NEW DELHI CORRESPONDANT
Dans le mélange de menaces, de bruits de bottes et de gestes d’apaisement, il est difficile d’y voir clair dans le tableau indo-pakistanais brutalement redessiné par l’assaut terroriste sur Bombay, fin novembre 2008. La relation entre les deux Etats rivaux, nés de la sanglante partition de l’Empire britannique des Indes, est entrée dans une profonde crise sans que l’on sache, à ce stade, si le risque d’un nouvel affrontement militaire - il y en a déjà eu quatre (1947, 1965, 1971, 1999) - est à prendre au sérieux.

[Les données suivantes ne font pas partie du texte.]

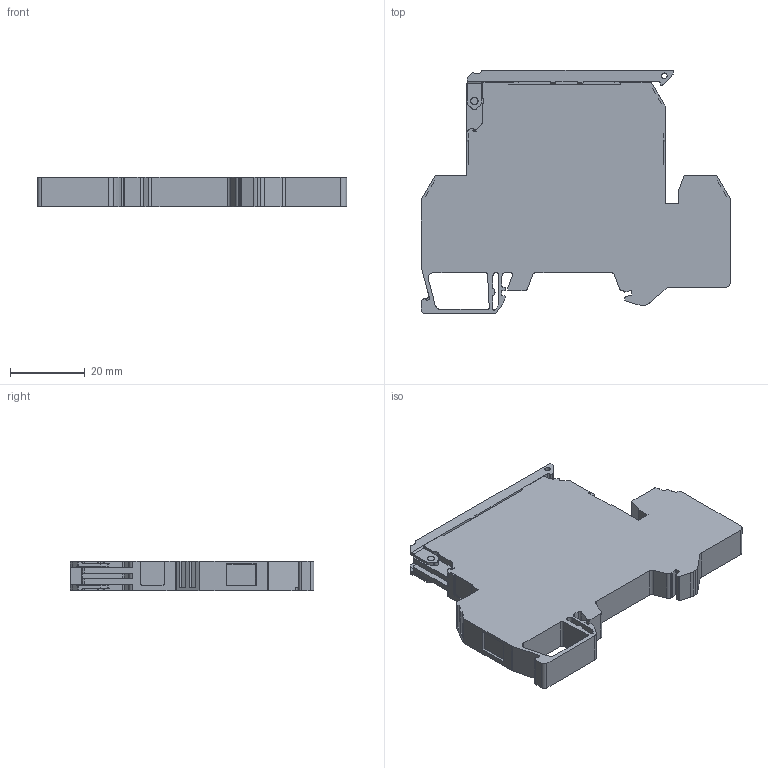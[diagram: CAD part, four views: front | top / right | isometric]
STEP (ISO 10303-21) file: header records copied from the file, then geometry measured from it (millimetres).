
FILE_DESCRIPTION (( 'STEP AP214' ), '1' );
FILE_NAME ('353300_AVK 4FS_Beige.STP', '2013-11-12T11:36:40', ( 'arge' ), ( 'Microsoft' ), 'SwSTEP 2.0', 'SolidWorks 2013', '' );
FILE_SCHEMA (( 'AUTOMOTIVE_DESIGN' ));
Length unit declared in the file: millimetre
Products named in the file (1): 353300_AVK 4FS_Beige
Bounding box: 82.5 x 65 x 8 mm (x, y, z)
Volume: 29625.7 mm3; surface area: 12017.5 mm2
Topology: 1 solids, 1 shells, 317 faces, 908 edges, 598 vertices
Faces by surface type: plane 174, cylinder 133, bspline 6, cone 4
Entity records: 10514 total; most frequent: CARTESIAN_POINT 1989, ORIENTED_EDGE 1808, DIRECTION 1768, EDGE_CURVE 904, VECTOR 622, LINE 622, VERTEX_POINT 598, AXIS2_PLACEMENT_3D 573
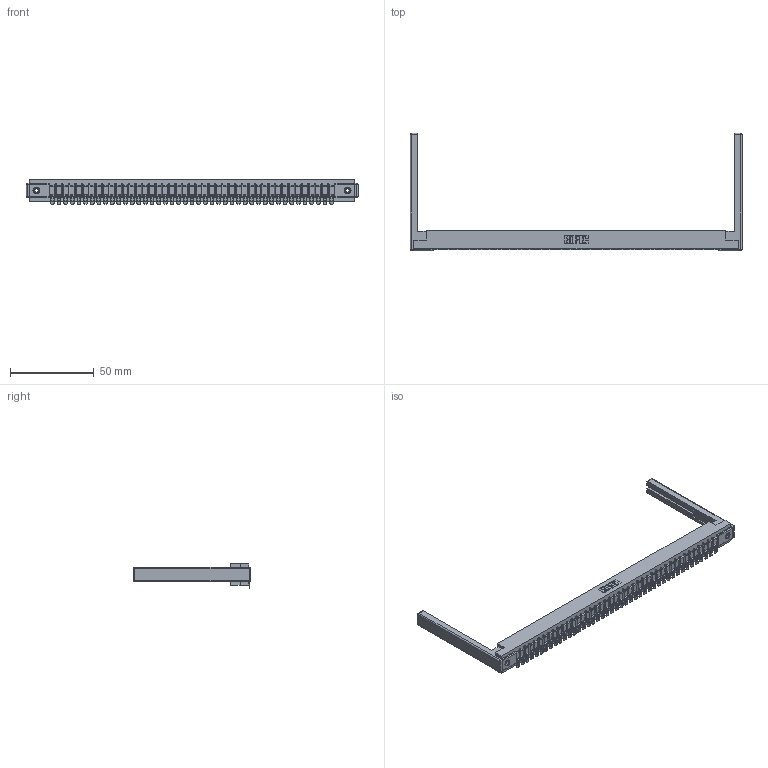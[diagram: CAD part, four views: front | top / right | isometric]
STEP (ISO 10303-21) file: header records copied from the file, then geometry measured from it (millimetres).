
FILE_DESCRIPTION (( 'STEP AP203' ), '1' );
FILE_NAME ('307-043-454-168.STEP', '2020-09-29T20:35:07', ( '' ), ( '' ), 'SwSTEP 2.0', 'SolidWorks 2020', '' );
FILE_SCHEMA (( 'CONFIG_CONTROL_DESIGN' ));
Length unit declared in the file: inch
Products named in the file (5): 345-250-001_345-250-001-102; 307-043-454-168; 307 Part_.156 Dia Mounting Holes; 307-290-002_554; 307-220-068
Assembly tree (48 placements, depth 2):
  307-043-454-168
    307 Part_.156 Dia Mounting Holes
    307-290-002_554  x43
    307-220-068  x2
    345-250-001_345-250-001-102  x2
Bounding box: 197.82 x 69.98 x 14.52 mm (x, y, z)
Volume: 25569.3 mm3; surface area: 30794 mm2
Topology: 48 solids, 48 shells, 3799 faces, 11592 edges, 7588 vertices
Faces by surface type: plane 2136, cylinder 1551, sphere 96, cone 12, torus 4
Entity records: 40464 total; most frequent: CARTESIAN_POINT 6791, ORIENTED_EDGE 6770, DIRECTION 6621, EDGE_CURVE 3385, LINE 2585, VECTOR 2585, VERTEX_POINT 2188, AXIS2_PLACEMENT_3D 2018

Faut-il, par exemple, s’inquiéter de l’annonce de renforts de troupes pakistanaises à la frontière avec l’Inde ? Annoncés le 26 décembre de source militaire pakistanaise à Islamabad, ils sont bien réels. Les Indiens confirment. « Ils sont arrivés à la frontière orientale avec l’Inde », a assuré, mercredi 14 janvier à New Delhi, le général Deepak Kapour, chef d’état-major de l’armée indienne.
Depuis la fin décembre, les services de renseignement indiens ont repéré du mouvement autour du 4e corps d’armée, basé à Lahore, le chef-lieu du Pendjab pakistanais, situé à 25 km du poste-frontière d’Attari. Deux de ses divisions (la 10e et la 11e) se sont approchées à une dizaine de kilomètres de la frontière. Les Indiens ont également constaté que les unités pakistanaises fortifiaient leurs bunkers édifiés le long des canaux d’irrigation alimentés par les affluents du fleuve Indus. De son côté, l’armée indienne a dépêché vers la frontière deux corps d’armée (le 2e et 10e), tout en assurant qu’il s’agit d’un exercice.
Cette poussée de fièvre inquiète au plus haut point les Américains. Car les renforts pakistanais sont puisés parmi les troupes déployées le long de l’autre frontière - l’occidentale -, que partagent le Pakistan et l’Afghanistan. Au cœur de ces zones tribales pachtounes récalcitrantes, les unités pakistanaises sont censées mener le combat contre les groupes talibans et leurs alliés d’Al-Qaida.
LUTTE CONTRE LE DJIHADISME
Tout transfert d’une frontière à l’autre affaiblit fatalement la lutte contre l’une des sources du djihadisme international. La 14e division - appartenant au 2e corps - se désengage de la zone tribale de Bajaur, où des violents combats se déroulent depuis l’été 2008. Cette division était engagée dans ces opérations.
Selon le quotidien pakistanais The News, des unités sont également en train de quitter le Nord-Waziristan, d’où des opérations avaient été lancées vers le Sud-Waziristan contre le fief de Baitullah Mehsud, chef du mouvement Tehrik-e-Taliban-e-Pakistan (TPP), qui fédère tous les groupes talibans au Pakistan. Des retraits identiques sont observés dans la zone tribale de Mohmand.
Près de 75 000 hommes étaient déployés sur la frontière afghane. On ignore dans quelle proportion le redéploiement actuel va dégarnir ce dispositif. Selon certains experts, il pourrait amputer les effectifs des deux tiers. Certes, l’impact n’en serait pas radical, car les combats contre les talibans étaient d’avantage menés par les forces paramilitaires des Frontiers Corps que par les unités de l’armée régulière qui, en général, restent dans leurs casernes. Mais l’effet psychologique sur le moral des insurgés talibans pourrait être considérable.
La diplomatie américaine est mobilisée pour éviter une telle dérive, hautement préjudiciable à la stratégie antiterroriste de Washington. A New Delhi et à Islamabad, les envoyés américains se sont succédé pour faire baisser la tension. Est-ce la raison du relatif apaisement observé ces derniers jours sur le front diplomatique ? Le premier ministre indien, Manmohan Singh, a adressé au président pakistanais, Asif Ali Zardari, et à son premier ministre, Youssouf Gilani, ses voeux pour la nouvelle année, qu’il souhaite placée sous le signe de la « paix et la prospérité ».
De plus, les Indiens ont consenti, jeudi, un geste significatif en cessant d’exiger qu’Islamabad leur livre les auteurs de l’assaut de Bombay. Le ministre des affaires étrangères indien, Pranab Mukherjee, a déclaré que New Dehli se contenterait d’un procès au Pakistan, à condition qu’il soit « juste » et « transparent ». C’est un blocage à la reprise du dialogue qui vient de sauter.